*YOUR GOAL*. Word for word, please restate the line containing "Auf Grund einer" and all the lines that follow it to the end of the data.

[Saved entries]

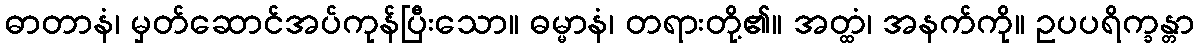
ဓာတာနံ၊ မှတ်ဆောင်အပ်ကုန်ပြီးသော။ ဓမ္မာနံ၊ တရားတို့၏။ အတ္ထံ၊ အနက်ကို။ ဥပပရိက္ခန္တာ
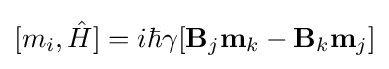
[m_{i},{\hat {H}}]=i\hbar \gamma [\mathbf {B} _{j}\mathbf {m} _{k}-\mathbf {B} _{k}\mathbf {m} _{j}]
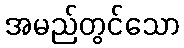
အမည်တွင်သော
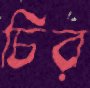
চির
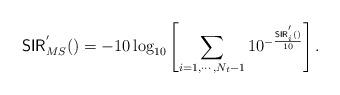
LaTeX: \begin{align*}\mathsf{SIR}_{MS}^{'}() = -10\log_{10}\left[\sum_{i=1, \cdots, N_t-1} 10^{-\frac{\mathsf{SIR}_i^{'}()}{10}}\right].\end{align*}
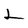
Character: 2
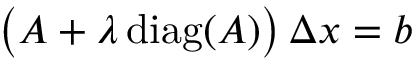
{ \big ( } A + \lambda \operatorname { d i a g } ( A ) { \big ) } \, \Delta x = b
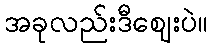
အခုလည်းဒီဈေးပဲ။
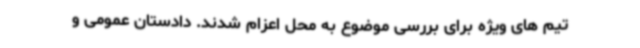
تیم های ویژه برای بررسی موضوع به محل اعزام شدند. دادستان عمومی و
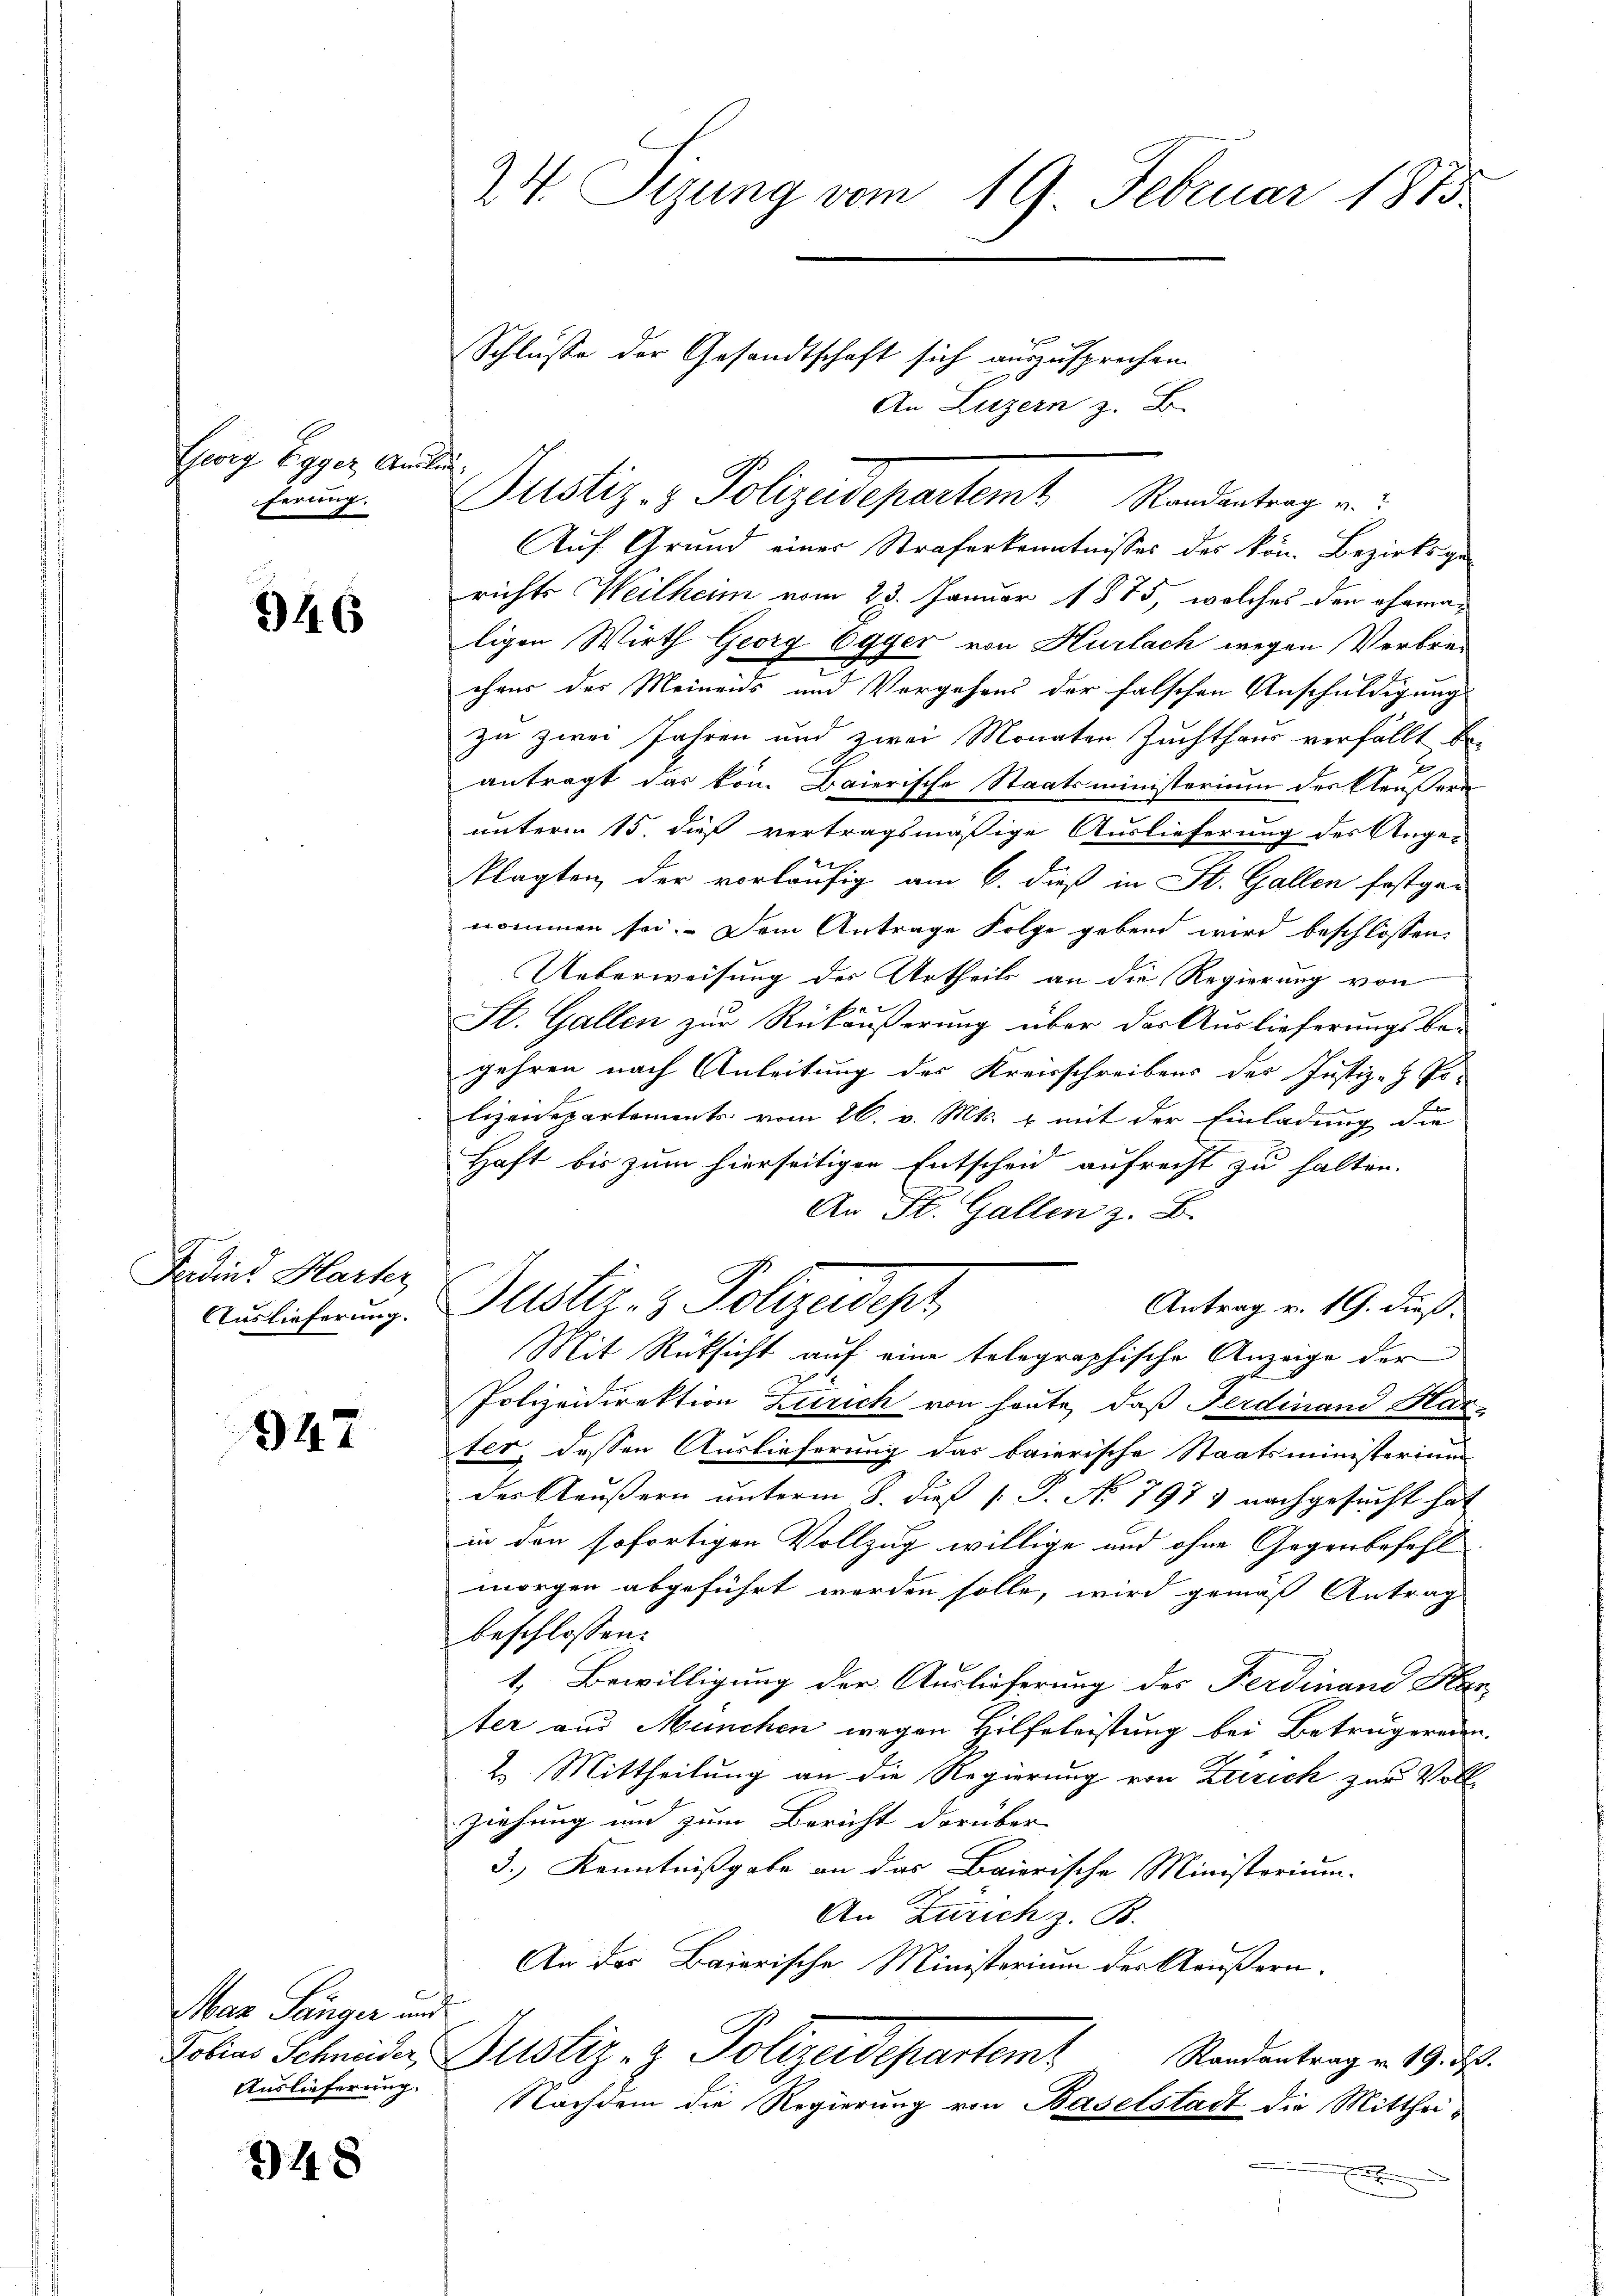
Ewig Egger Auss
ferung.

346

Fedient Harter
Auslieferung.

947

Mar Sänger und
Lobias Schneider
Auslieferung.

48

24. Sizung vom 19. Februar 1875
Schlusse der Gesandtschaft sich auszusprechen.
An Luzern z. B.

.

Justiz- & Polizadest

Auf Grund einer Straferkenntnisses des kön. Bezirksge-
richts Weilheim vom 23. Januar 1875, welches den ehemaligen Wirth Georg Egger von Hurlach wegen Verbrechaus des Meinens und Vergehens der falschen Anschuldigung
zu zwei Jahren und zwei Monaten Zuchthaus verfällt be-
antragt das von Baierische Staatsministerium des Aeußern
unterm 15. dieß vertragsmäßige Auslieferung des Ange-
u
klagten, der vorläufig am 6. dieß in St. Gallen festgen
nommen sei. Dem Antrage Folge gebend wird beschlossen:
Ueberweisung des Urtheils an die Regierung von
St. Gallen zŭr Rükäŭβerŭng über das Aŭslieferŭngsbe-
gehren nach Anleitung des Kreisschreibens des Justiz- & Po-
lizendepartements vom 26. v. Mts. & mit der Einladung die
Haft bis zum hierseitigen Entscheid aufrecht zu halten.
An St. Gallen z. B.
Antrag v. 19. dieß.
Mit Rücksicht auf eine telegraphische Anzeige der
Polizeidirektion Zürich von heute, daß Ferdinand Har-
ter, dessen Auslieferung das baierische Staatsministerium
des Aeußern unterm 8. dieß P. P. No 797. nachgesucht hat
in den sofortigen Vollzug willige und ohne Gegenbefehl
morgen abgeführt werden solle, wird gemäß Antrag
beschlossen:
1. Bewilligung der Auslieferung des Ferdinand Han
ter aus München wegen Hilfeleistung bei Betrugereien.
2. Mittheilung an die Regierung von Zürich zur Voll-
ziehung und zum Bericht darüber
3.) Kenntnißgabe an das Baierische Ministerium.
An Zürich z. B.
An des Baierische Ministerium des Aeußern.
Dustiz- & Polizeidepartent
Randantrag v. 19. d.
Nachdem die Regierung von Baselstadt die Mitthei¬

Justiz- & Polizedepartemt Standentrag en

*RESPONSE BELOW*.
Auf Grund einer Straferkenntnisses des kön. Bezirksge-
richts Weilheim vom 23. Januar 1875, welches den ehemaligen Wirth Georg Egger von Hurlach wegen Verbrechaus des Meinens und Vergehens der falschen Anschuldigung
zu zwei Jahren und zwei Monaten Zuchthaus verfällt be-
antragt das von Baierische Staatsministerium des Aeußern
unterm 15. dieß vertragsmäßige Auslieferung des Ange-
u
klagten, der vorläufig am 6. dieß in St. Gallen festgen
nommen sei. Dem Antrage Folge gebend wird beschlossen:
Ueberweisung des Urtheils an die Regierung von
St. Gallen zŭr Rükäŭβerŭng über das Aŭslieferŭngsbe-
gehren nach Anleitung des Kreisschreibens des Justiz- & Po-
lizendepartements vom 26. v. Mts. & mit der Einladung die
Haft bis zum hierseitigen Entscheid aufrecht zu halten.
An St. Gallen z. B.
Antrag v. 19. dieß.
Mit Rücksicht auf eine telegraphische Anzeige der
Polizeidirektion Zürich von heute, daß Ferdinand Har-
ter, dessen Auslieferung das baierische Staatsministerium
des Aeußern unterm 8. dieß P. P. No 797. nachgesucht hat
in den sofortigen Vollzug willige und ohne Gegenbefehl
morgen abgeführt werden solle, wird gemäß Antrag
beschlossen:
1. Bewilligung der Auslieferung des Ferdinand Han
ter aus München wegen Hilfeleistung bei Betrugereien.
2. Mittheilung an die Regierung von Zürich zur Voll-
ziehung und zum Bericht darüber
3.) Kenntnißgabe an das Baierische Ministerium.
An Zürich z. B.
An des Baierische Ministerium des Aeußern.
Dustiz- & Polizeidepartent
Randantrag v. 19. d.
Nachdem die Regierung von Baselstadt die Mitthei¬

Justiz- & Polizedepartemt Standentrag en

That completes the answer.